Subjects will be consented, screened, and undergo a 7-day baseline assessment to measure pain scores and assess diary compliance. Subjects who meet inclusion criteria will undergo an in-clinic baseline evaluation, receive randomization assignment, and start their respective treatments.
Those randomized to the CMM plus Axon Therapy group will receive their first Axon Therapy treatment and then have a follow-up phone call after 24 hours to assess if the patient is a candidate for Axon Therapy, that is if the subject is neuropathic or nociceptive. Those that are not candidates for Axon Therapy will be monitored for 30 days for AEs and then they will exit the study as screen failures. Screen failures will not count against enrollment numbers.

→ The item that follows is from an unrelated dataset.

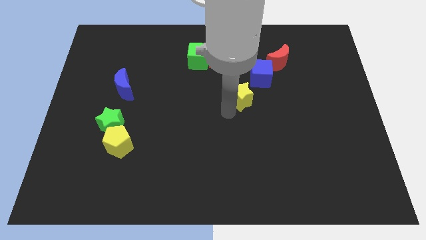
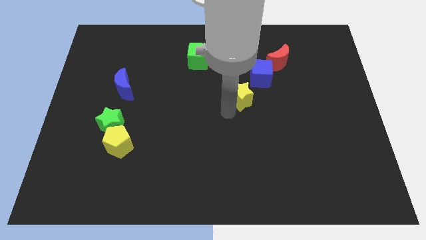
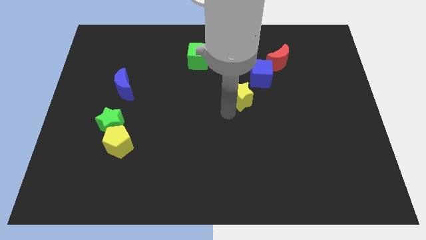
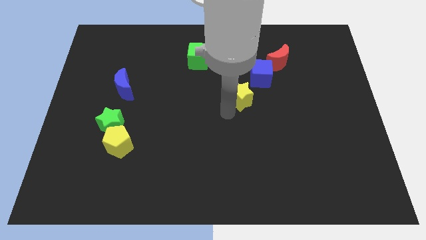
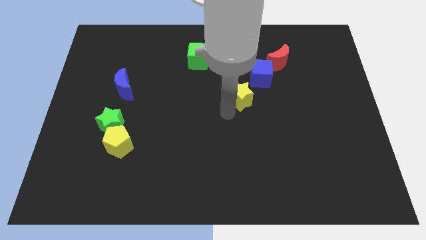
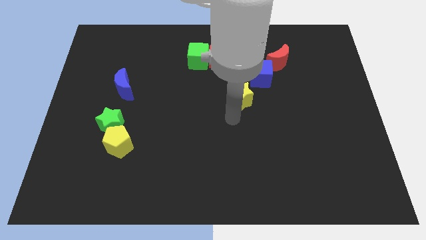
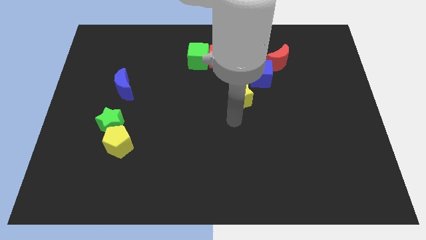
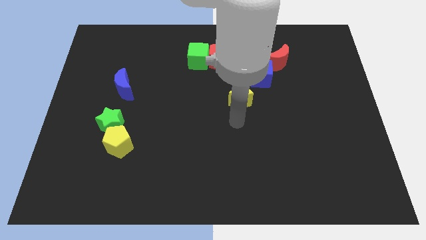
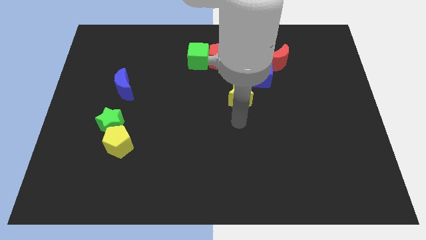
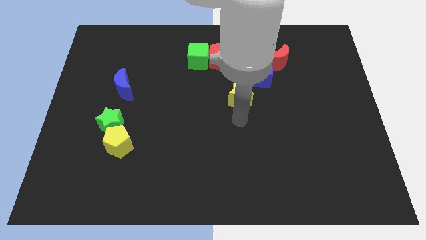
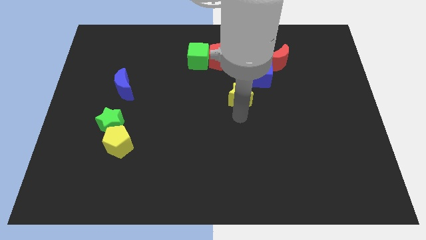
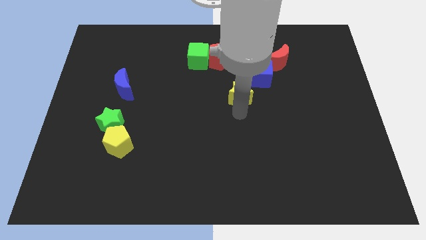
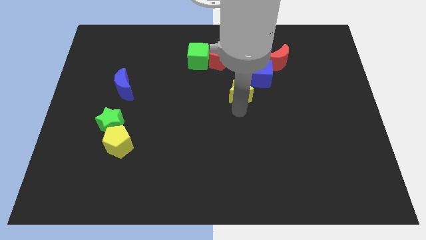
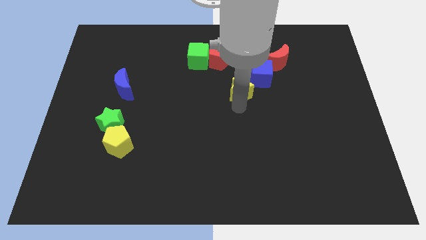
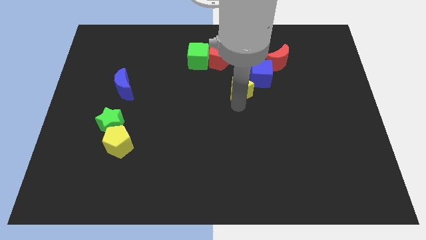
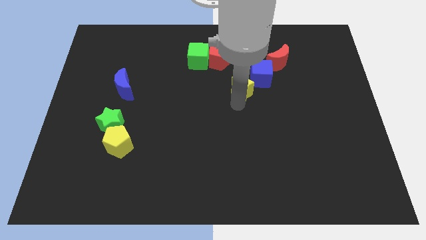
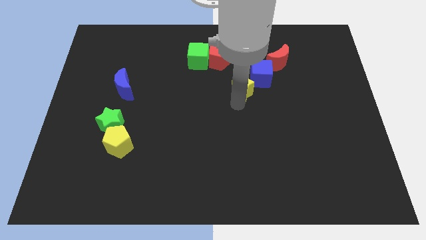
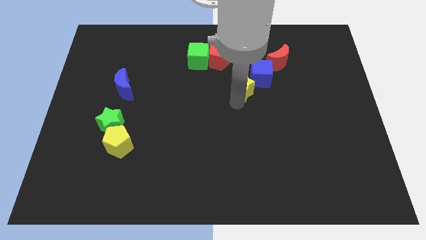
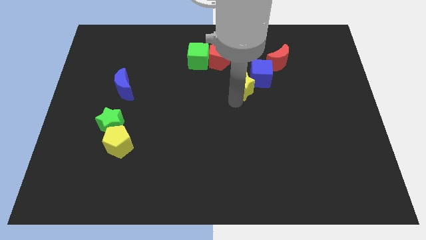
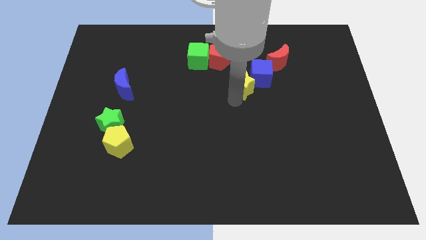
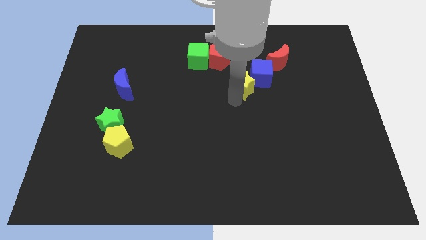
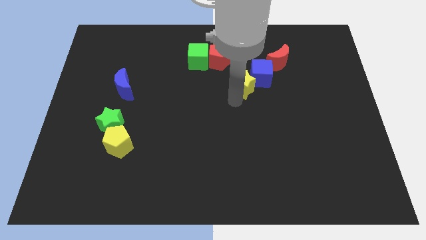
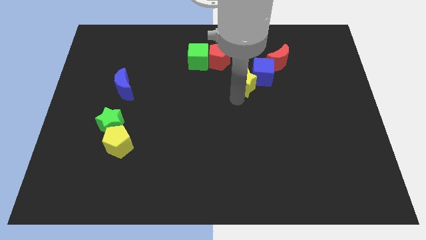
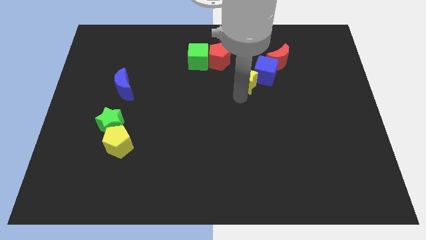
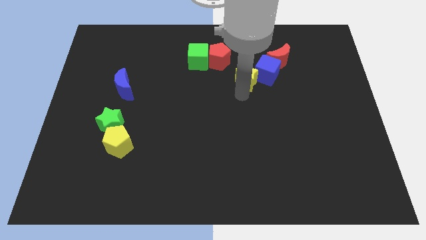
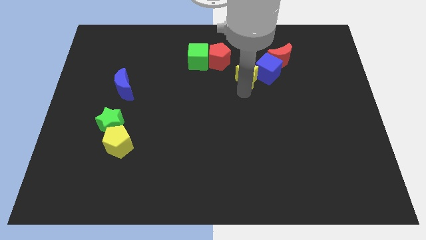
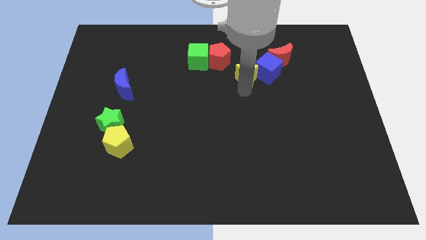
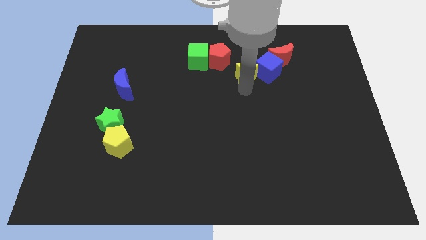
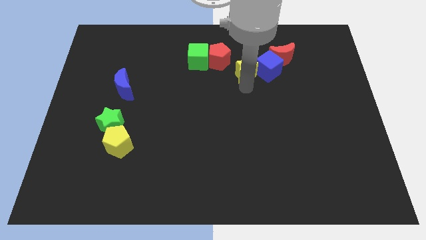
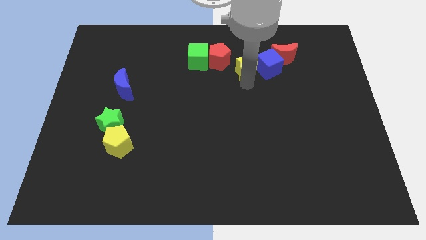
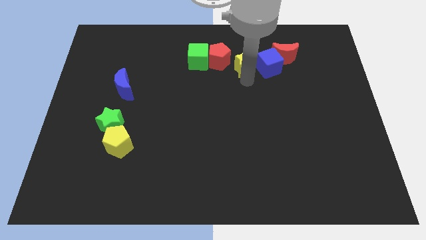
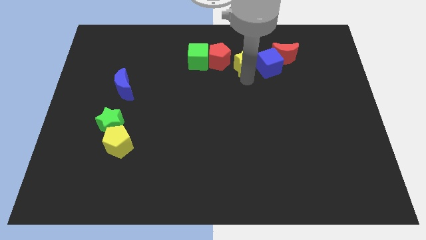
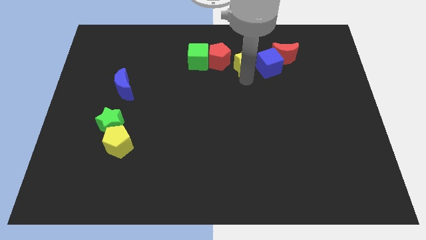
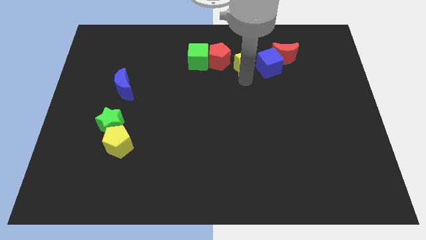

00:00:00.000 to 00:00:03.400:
push the yellow star to the left side of the blue cube

All subjects will return to the clinic for follow-up assessment at Day 30 (± 14 days), Day 90 (± 14 days), Day 180 (± 14 days) and Day 365 (± 30 days) and if in the CMM plus Axon Therapy group will return to the clinic for Axon Therapy treatments as follows:
Month 1: 6 treatments
Month 2: Bi-Weekly treatment
Months 3-12: Treatments every 2-4 weeks
Additional treatments to treat flare ups; defined as an episode of pain with a VAS >greater or equal to 6 following an increase in daily activities.
At day 90 (± 15 days), subjects will be allowed to crossover to the alternative treatment group. Subjects who crossover from CMM to CMM plus Axon Therapy will follow the CMM plus Axon Therapy regimen, remaining in the study for 15 months. These subjects will have follow-up visits at Day 120 (± 14 days), Day 180 (± 14 days) ,Day 270 (± 14 days), and Day 450 (± 30 days).
Subjects who crossover from CMM plus Axon Therapy to CMM will be monitored for 30 days for AEs and then they will exit the study. The reason for ending therapy will be recorded.
In addition to in-clinic assessments and treatments, all subjects will complete an electronic daily diary up to twice daily throughout the first 90 days and for crossover subjects they will complete 90 days of Axon treatment therapy and up to Day 180. They will receive weekly phone follow-up to assess pain intensity and occurrence of adverse events after treatment starts. Weekly phone follow-ups will only occur during weeks when the subject is not seen in the clinic.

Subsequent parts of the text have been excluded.